Copy all the entries below exactly, but not the pictures.

*** EXTRACTED MATERIAL Section Begins ***

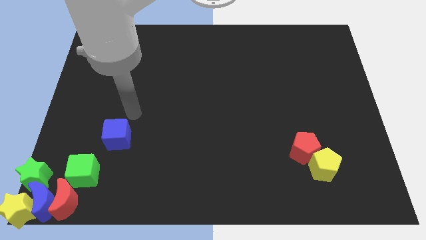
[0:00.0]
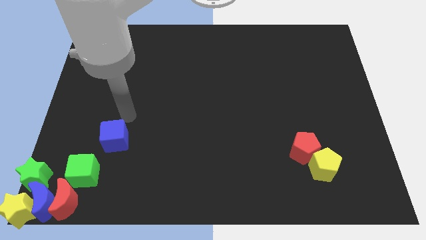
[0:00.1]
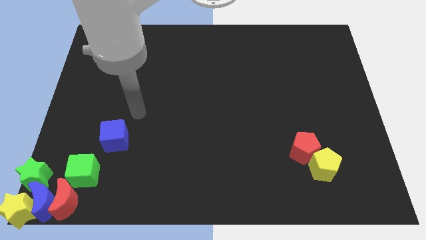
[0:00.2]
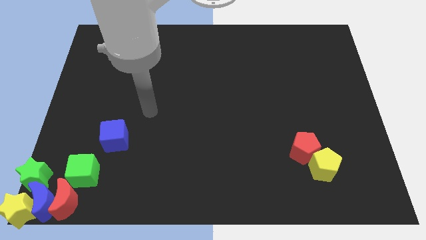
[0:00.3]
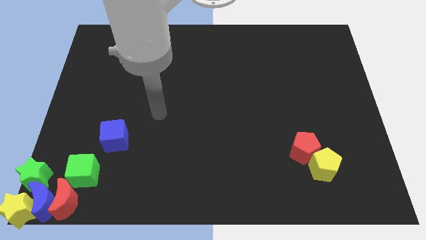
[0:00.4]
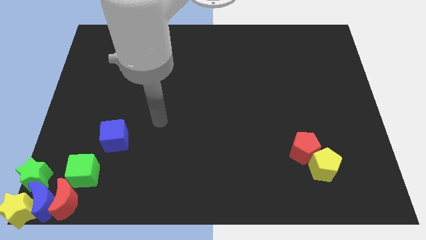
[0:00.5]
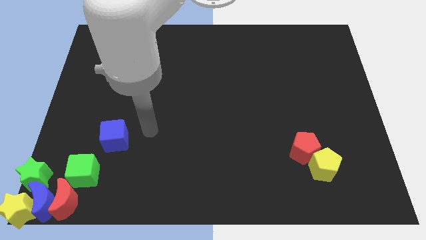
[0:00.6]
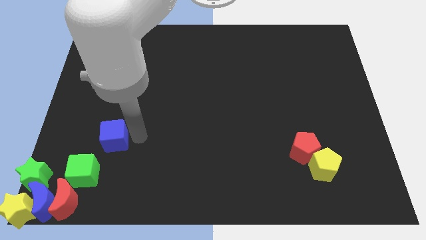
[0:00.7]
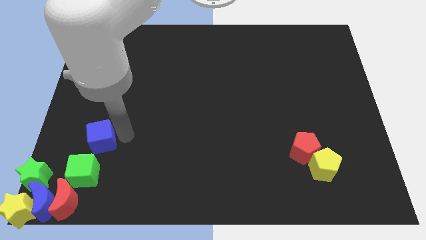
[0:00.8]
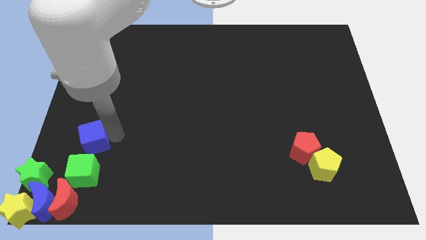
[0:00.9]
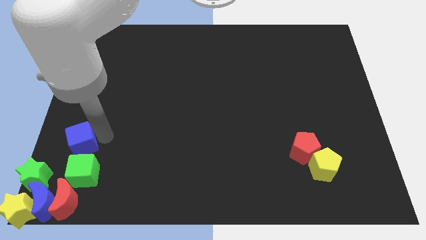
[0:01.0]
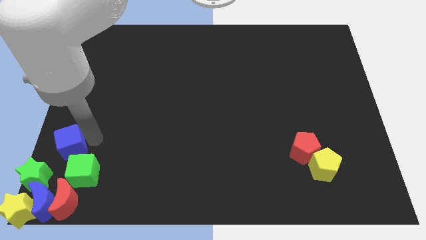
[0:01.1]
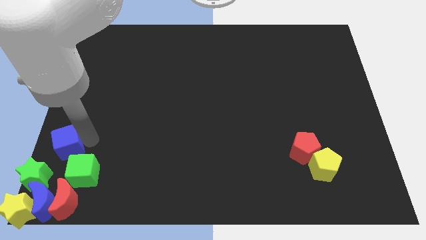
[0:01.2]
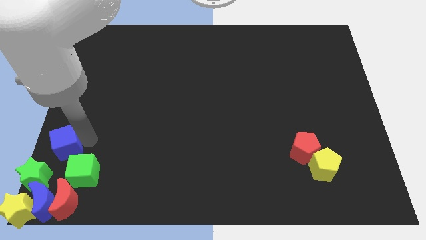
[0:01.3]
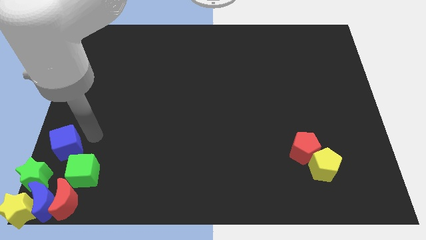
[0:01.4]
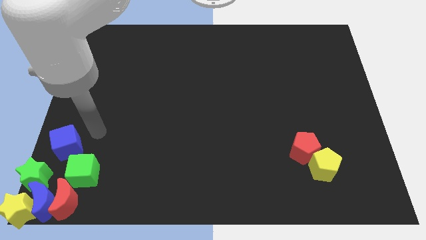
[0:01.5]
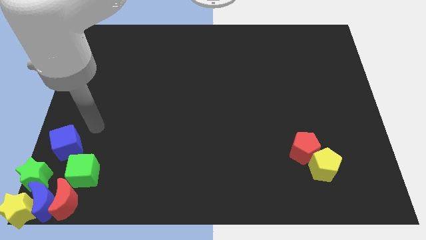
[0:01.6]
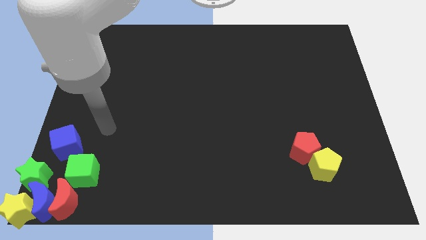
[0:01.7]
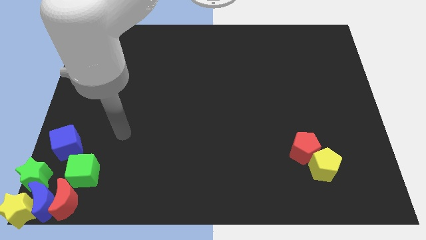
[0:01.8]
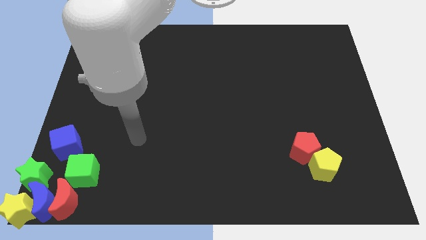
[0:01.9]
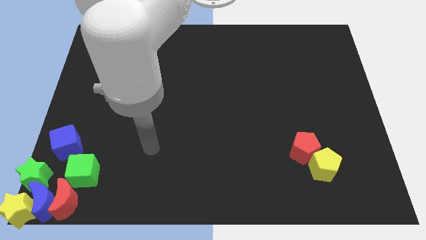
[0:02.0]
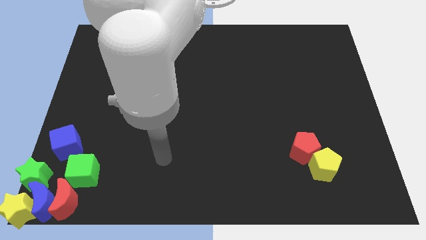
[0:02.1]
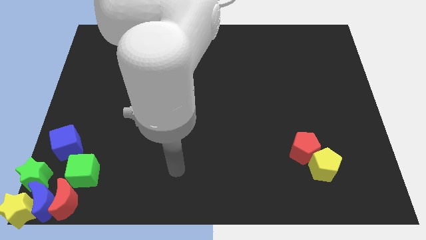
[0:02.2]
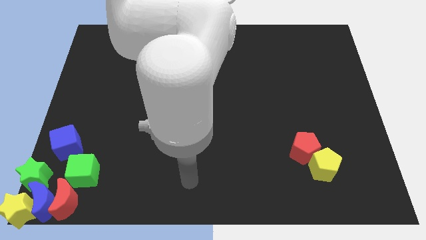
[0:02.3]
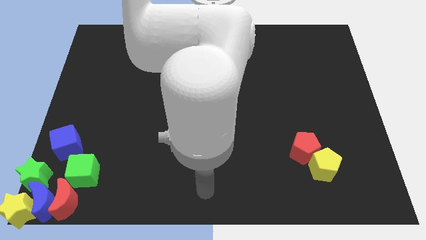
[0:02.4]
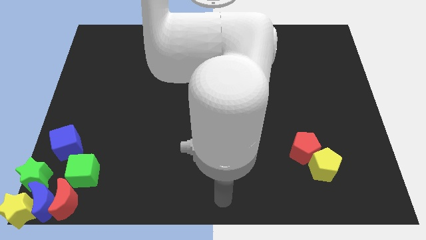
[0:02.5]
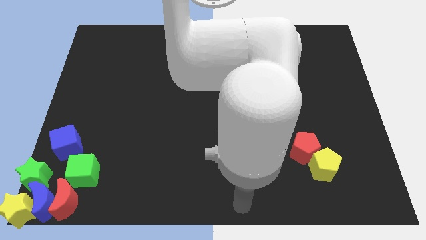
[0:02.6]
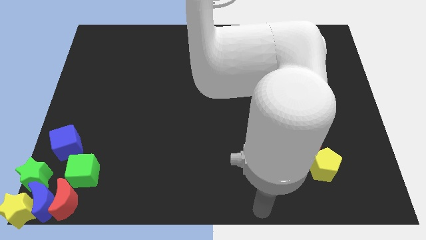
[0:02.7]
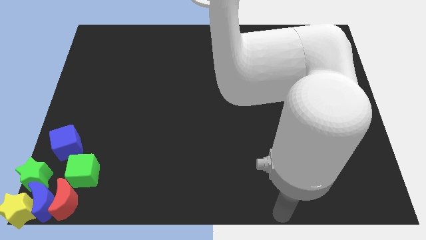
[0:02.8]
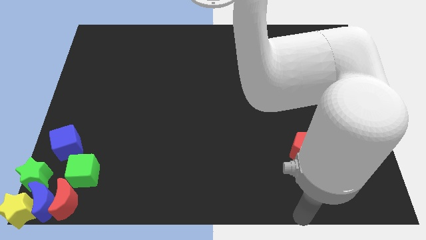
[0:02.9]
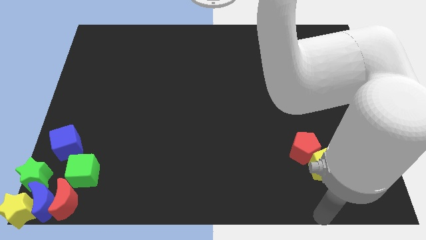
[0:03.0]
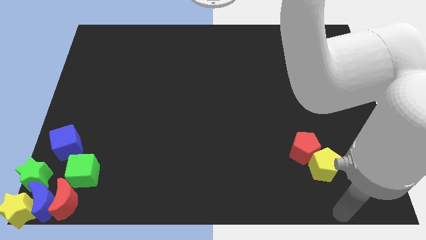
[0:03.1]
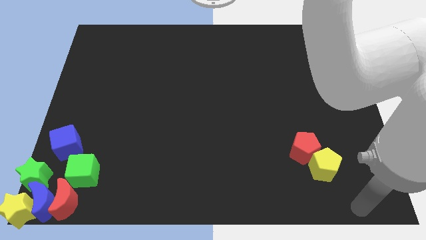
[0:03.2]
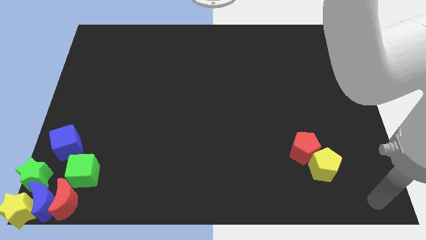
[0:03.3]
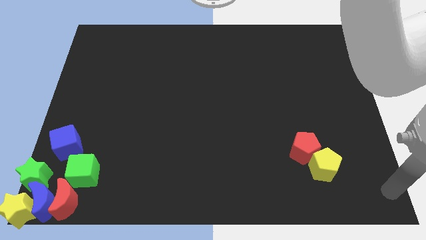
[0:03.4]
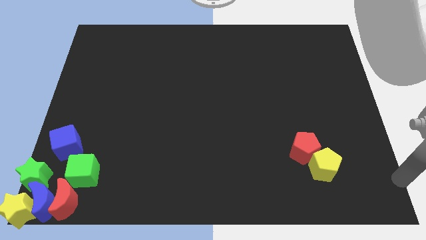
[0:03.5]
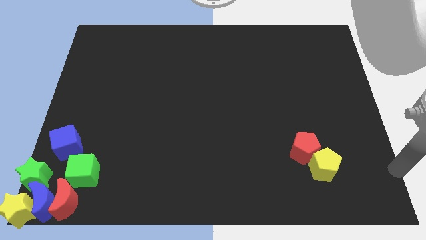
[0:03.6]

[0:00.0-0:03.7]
slide the blue cube to the top left side of the blue cube

*** EXTRACTED MATERIAL Section Ends ***

EXERCISE RESPONSE>
[0:00.0]
[0:00.1]
[0:00.2]
[0:00.3]
[0:00.4]
[0:00.5]
[0:00.6]
[0:00.7]
[0:00.8]
[0:00.9]
[0:01.0]
[0:01.1]
[0:01.2]
[0:01.3]
[0:01.4]
[0:01.5]
[0:01.6]
[0:01.7]
[0:01.8]
[0:01.9]
[0:02.0]
[0:02.1]
[0:02.2]
[0:02.3]
[0:02.4]
[0:02.5]
[0:02.6]
[0:02.7]
[0:02.8]
[0:02.9]
[0:03.0]
[0:03.1]
[0:03.2]
[0:03.3]
[0:03.4]
[0:03.5]
[0:03.6]

[0:00.0-0:03.7]
slide the blue cube to the top left side of the blue cube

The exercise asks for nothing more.